The delineation of the intracranial portion of a brain image as provided by the RBM method has two uses in MR images analysis. The first use is as an efficient, robust estimate of ICV for serving as a covariate or normalization factor in morphometric analyses of regional and whole brain volumes, much in the same manner as a manually measured ICV but obtained rapidly and without user intervention. In addition, this method has the potential to be used as a skull stripping method during pre-processing for image registration in brain morphometry (Heckemann et al., 2006).
3The ADNI was launched in 2003 by the National Institute on Aging (NIA), the National Institute of Biomedical Imaging and Bioengineering (NIBIB), the Food and Drug Administration (FDA), private pharmaceutical companies and non-profit organizations, as a $60 million, 5-year public-private partnership. The Principal Investigator of this initiative is Michael W. Weiner, M.D., VA Medical Center and University of California-San Francisco. ADNI is the result of efforts of many co-investigators from a broad range of academic institutions and private corporations, and subjects have been recruited from over 50 sites across the United States and Canada.

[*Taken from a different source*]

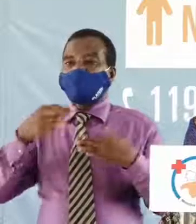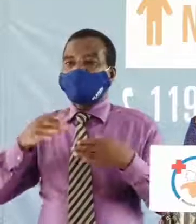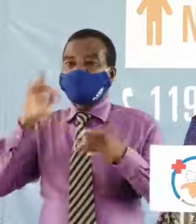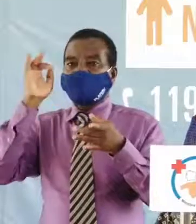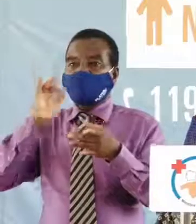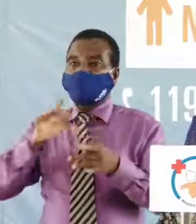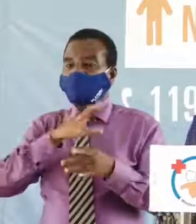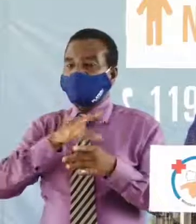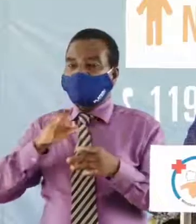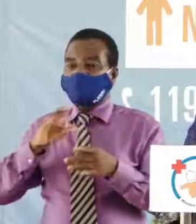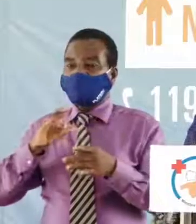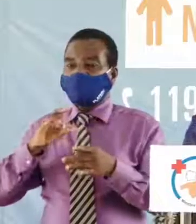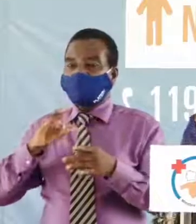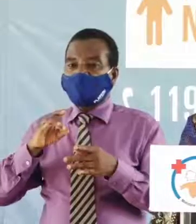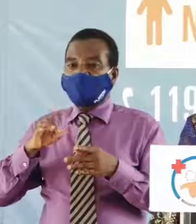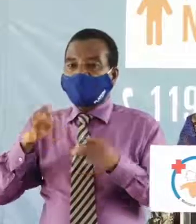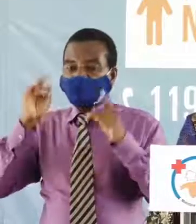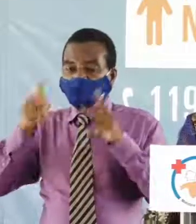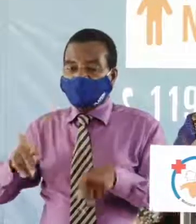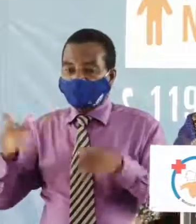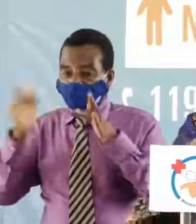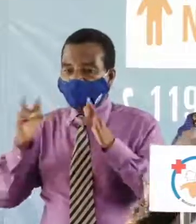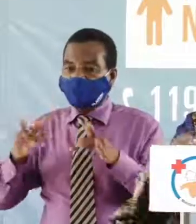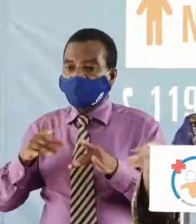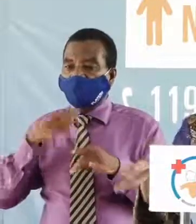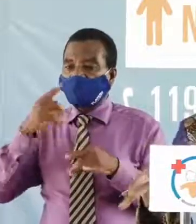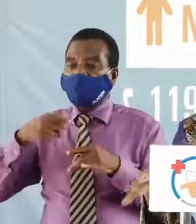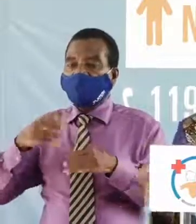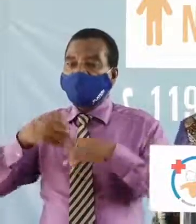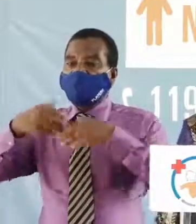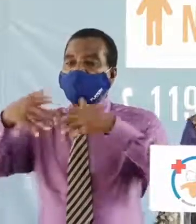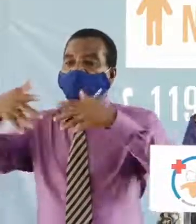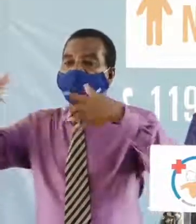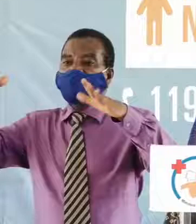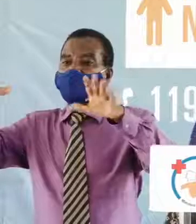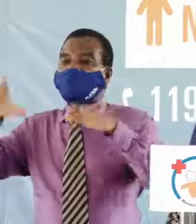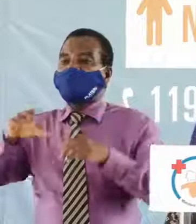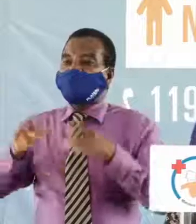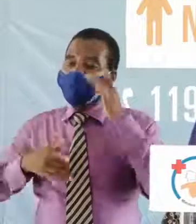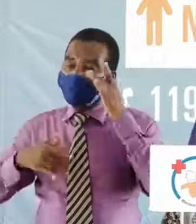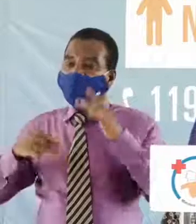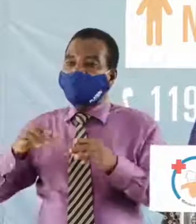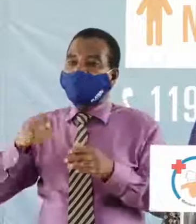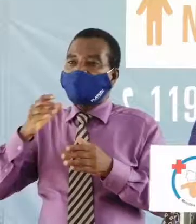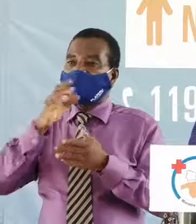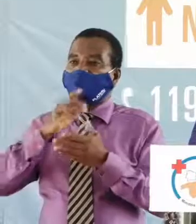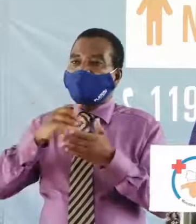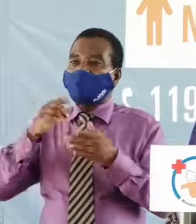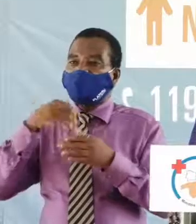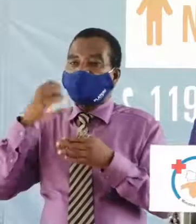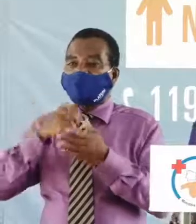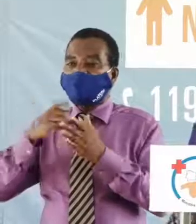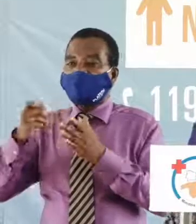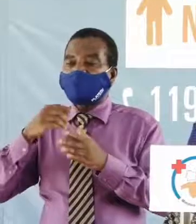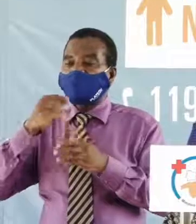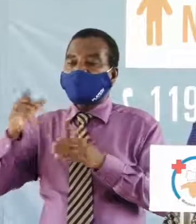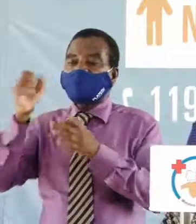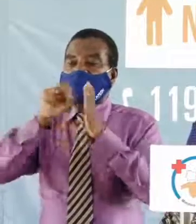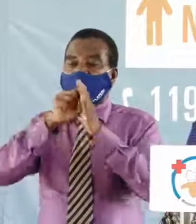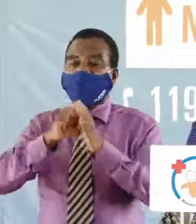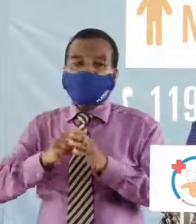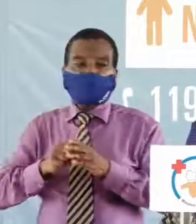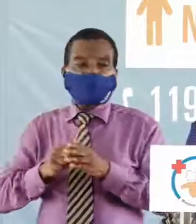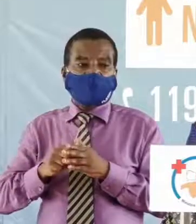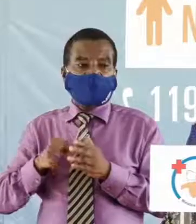contacts parce que c les cas contacts qui sont susceptibles de propager la maladie surtout celles qui n'ont pas des signes qui ont les formes asymptomatiques

4Since a tissue probability map may be shared by several clusters, the number of Gaussians used to represent the intensity distribution for each tissue classes can be greater than one. Default numbers of Gaussians used in SPM5 are two for grey matter (GM), two for white matter (WM), two for CSF, and four for everything else (Ashburner and Friston, 2005). We hypothesized that because of the intensity differences in intraventricular and cisternal CSF we found in 3T scanner data, the CSF intensity would be too variable to be well modeled by only two Gaussians.